## Requirement
Pick out the lines in the listing below that contain the word "outdoors" and copy them.

===== Given records

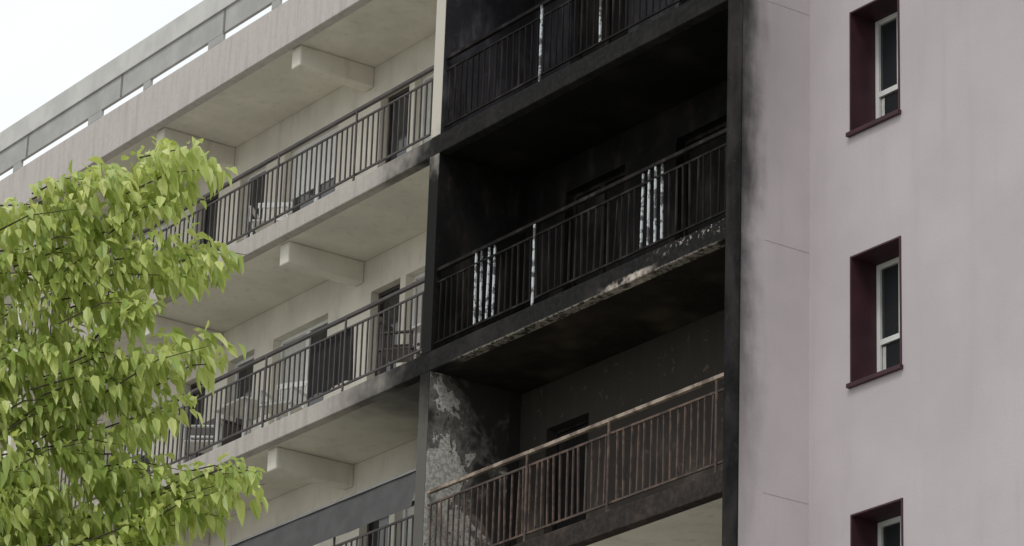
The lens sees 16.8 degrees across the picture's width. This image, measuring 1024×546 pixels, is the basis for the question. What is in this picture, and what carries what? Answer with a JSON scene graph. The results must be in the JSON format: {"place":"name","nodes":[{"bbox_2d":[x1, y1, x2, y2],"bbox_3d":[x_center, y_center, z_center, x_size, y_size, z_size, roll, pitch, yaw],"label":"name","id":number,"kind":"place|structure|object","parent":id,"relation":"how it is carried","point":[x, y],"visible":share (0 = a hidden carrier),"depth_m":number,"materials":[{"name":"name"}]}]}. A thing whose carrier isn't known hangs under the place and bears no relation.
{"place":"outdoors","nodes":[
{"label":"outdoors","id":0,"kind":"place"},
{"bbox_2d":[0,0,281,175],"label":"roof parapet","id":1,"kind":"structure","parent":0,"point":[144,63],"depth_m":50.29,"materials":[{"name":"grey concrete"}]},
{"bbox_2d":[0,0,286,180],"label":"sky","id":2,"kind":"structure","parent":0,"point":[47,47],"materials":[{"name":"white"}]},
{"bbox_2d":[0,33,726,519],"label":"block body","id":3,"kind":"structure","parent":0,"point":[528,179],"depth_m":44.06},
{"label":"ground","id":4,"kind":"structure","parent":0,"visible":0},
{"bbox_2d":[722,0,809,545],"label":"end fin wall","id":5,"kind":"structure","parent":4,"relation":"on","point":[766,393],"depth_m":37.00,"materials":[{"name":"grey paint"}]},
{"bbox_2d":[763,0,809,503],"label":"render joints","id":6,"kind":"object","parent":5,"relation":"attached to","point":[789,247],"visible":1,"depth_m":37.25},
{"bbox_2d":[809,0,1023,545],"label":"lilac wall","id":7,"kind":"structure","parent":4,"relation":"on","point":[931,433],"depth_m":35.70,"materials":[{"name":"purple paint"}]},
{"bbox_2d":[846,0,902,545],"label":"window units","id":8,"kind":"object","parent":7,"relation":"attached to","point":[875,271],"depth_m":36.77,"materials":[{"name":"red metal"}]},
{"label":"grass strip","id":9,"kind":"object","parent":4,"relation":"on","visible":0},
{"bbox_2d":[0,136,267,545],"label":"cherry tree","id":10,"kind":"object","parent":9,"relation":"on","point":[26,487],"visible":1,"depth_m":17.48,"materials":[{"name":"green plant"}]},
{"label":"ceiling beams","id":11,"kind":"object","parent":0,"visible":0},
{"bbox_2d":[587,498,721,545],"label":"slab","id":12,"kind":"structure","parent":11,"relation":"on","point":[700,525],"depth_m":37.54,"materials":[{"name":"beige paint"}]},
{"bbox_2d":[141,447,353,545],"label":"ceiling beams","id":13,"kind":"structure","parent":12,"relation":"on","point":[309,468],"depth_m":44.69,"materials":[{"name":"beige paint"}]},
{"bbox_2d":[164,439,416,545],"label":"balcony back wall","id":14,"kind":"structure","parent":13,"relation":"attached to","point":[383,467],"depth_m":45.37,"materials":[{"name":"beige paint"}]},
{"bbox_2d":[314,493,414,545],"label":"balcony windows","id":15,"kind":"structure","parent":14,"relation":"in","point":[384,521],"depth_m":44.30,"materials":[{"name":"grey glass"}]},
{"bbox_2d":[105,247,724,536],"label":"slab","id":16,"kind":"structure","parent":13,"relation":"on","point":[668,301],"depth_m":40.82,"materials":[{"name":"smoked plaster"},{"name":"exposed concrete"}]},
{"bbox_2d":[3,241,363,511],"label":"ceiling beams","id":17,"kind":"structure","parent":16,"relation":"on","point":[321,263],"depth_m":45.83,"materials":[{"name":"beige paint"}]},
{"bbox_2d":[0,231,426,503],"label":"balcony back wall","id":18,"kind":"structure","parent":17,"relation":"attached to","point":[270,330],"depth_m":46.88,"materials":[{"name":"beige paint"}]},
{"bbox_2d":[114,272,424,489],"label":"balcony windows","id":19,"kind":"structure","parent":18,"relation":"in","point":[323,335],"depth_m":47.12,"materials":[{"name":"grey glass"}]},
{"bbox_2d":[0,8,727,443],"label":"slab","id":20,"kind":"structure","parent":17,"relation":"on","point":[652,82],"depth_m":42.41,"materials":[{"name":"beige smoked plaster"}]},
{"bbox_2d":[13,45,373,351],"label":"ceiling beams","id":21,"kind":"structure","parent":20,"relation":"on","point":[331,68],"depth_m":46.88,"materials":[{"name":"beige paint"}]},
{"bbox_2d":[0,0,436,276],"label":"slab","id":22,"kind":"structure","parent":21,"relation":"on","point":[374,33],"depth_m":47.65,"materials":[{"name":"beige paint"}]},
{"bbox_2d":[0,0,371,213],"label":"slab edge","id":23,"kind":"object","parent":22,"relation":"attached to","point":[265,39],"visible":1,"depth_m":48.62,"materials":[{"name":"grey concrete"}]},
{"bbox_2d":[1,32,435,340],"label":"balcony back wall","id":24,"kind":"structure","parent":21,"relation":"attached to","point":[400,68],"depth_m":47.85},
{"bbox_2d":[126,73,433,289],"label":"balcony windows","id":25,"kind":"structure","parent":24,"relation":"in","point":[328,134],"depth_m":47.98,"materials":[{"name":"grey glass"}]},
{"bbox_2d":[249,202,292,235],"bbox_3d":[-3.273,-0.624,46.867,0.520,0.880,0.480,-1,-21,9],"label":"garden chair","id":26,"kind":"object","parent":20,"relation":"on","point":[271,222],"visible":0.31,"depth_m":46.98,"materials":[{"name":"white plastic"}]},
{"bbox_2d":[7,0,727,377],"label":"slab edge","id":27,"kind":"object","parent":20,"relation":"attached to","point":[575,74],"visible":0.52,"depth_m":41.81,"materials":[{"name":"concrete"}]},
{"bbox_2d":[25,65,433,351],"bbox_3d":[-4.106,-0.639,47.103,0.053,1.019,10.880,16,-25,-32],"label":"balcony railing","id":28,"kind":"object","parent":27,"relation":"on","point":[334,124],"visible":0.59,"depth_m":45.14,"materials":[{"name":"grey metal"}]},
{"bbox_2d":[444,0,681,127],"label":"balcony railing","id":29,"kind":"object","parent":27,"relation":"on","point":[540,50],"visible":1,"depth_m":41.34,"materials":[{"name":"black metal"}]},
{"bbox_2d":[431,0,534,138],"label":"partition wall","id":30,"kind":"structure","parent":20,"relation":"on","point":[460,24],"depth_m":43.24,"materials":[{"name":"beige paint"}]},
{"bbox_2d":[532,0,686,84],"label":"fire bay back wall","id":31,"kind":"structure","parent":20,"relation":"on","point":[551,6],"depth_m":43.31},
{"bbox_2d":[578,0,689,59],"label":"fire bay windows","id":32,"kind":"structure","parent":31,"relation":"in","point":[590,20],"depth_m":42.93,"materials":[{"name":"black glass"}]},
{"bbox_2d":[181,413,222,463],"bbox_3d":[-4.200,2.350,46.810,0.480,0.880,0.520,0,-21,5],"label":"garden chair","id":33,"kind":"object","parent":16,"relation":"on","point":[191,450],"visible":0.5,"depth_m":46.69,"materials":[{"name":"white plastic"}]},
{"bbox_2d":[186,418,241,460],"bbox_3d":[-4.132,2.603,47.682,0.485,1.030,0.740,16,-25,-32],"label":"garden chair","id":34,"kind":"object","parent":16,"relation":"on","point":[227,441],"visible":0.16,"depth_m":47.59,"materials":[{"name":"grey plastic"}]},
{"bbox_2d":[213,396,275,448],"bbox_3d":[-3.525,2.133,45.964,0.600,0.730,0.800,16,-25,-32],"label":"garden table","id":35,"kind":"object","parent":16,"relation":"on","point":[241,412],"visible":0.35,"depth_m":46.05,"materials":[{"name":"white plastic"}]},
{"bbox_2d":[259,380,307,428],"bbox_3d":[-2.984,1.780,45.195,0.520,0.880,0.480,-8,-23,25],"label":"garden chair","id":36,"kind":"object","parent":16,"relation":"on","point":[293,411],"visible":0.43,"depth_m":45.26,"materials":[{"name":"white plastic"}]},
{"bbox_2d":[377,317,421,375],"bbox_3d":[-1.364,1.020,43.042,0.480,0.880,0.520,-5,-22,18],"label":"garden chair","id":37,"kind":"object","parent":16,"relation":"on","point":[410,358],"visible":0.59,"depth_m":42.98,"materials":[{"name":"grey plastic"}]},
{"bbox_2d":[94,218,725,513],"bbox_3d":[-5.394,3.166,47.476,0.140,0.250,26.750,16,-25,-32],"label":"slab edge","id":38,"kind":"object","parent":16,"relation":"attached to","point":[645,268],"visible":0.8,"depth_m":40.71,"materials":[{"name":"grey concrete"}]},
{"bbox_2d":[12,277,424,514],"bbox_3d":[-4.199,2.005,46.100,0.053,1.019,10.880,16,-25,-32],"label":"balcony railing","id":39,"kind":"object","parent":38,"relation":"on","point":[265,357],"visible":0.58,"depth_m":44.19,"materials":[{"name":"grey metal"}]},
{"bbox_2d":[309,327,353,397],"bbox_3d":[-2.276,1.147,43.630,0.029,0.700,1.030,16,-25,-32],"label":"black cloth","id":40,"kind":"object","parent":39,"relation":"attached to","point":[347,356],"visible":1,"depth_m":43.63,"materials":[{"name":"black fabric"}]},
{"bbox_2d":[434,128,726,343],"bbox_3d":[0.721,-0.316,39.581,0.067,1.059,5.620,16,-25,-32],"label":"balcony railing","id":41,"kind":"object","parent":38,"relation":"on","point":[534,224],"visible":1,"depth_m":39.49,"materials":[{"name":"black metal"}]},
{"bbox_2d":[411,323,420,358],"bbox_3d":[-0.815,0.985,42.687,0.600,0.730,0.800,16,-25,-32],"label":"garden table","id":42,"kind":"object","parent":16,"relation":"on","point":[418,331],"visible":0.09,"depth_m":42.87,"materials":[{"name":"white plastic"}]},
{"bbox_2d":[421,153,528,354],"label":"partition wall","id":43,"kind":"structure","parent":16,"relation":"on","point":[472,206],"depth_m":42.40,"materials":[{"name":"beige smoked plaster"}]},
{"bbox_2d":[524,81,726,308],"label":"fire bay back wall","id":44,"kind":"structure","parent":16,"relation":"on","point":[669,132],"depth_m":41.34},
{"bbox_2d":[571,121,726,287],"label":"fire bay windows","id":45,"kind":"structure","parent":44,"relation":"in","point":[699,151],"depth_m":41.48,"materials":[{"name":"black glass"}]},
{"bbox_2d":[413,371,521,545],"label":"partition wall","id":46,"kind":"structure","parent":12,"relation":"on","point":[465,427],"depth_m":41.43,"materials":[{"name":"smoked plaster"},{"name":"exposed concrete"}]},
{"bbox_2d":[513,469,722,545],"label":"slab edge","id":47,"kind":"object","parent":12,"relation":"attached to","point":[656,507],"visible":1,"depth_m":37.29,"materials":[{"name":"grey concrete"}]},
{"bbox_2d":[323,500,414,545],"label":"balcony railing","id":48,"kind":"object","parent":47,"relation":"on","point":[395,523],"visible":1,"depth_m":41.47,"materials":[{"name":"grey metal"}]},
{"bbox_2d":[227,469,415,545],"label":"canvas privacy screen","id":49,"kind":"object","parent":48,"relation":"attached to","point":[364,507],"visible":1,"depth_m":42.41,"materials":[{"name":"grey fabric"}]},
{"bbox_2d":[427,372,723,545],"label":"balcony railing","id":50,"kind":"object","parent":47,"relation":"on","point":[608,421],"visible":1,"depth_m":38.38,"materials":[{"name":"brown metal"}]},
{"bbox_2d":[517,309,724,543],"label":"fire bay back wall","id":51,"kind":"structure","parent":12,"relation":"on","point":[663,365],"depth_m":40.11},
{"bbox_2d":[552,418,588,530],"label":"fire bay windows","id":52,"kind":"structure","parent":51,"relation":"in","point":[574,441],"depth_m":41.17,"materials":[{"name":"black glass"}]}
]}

==========

## Reply
{"place":"outdoors","nodes":[
{"label":"outdoors","id":0,"kind":"place"},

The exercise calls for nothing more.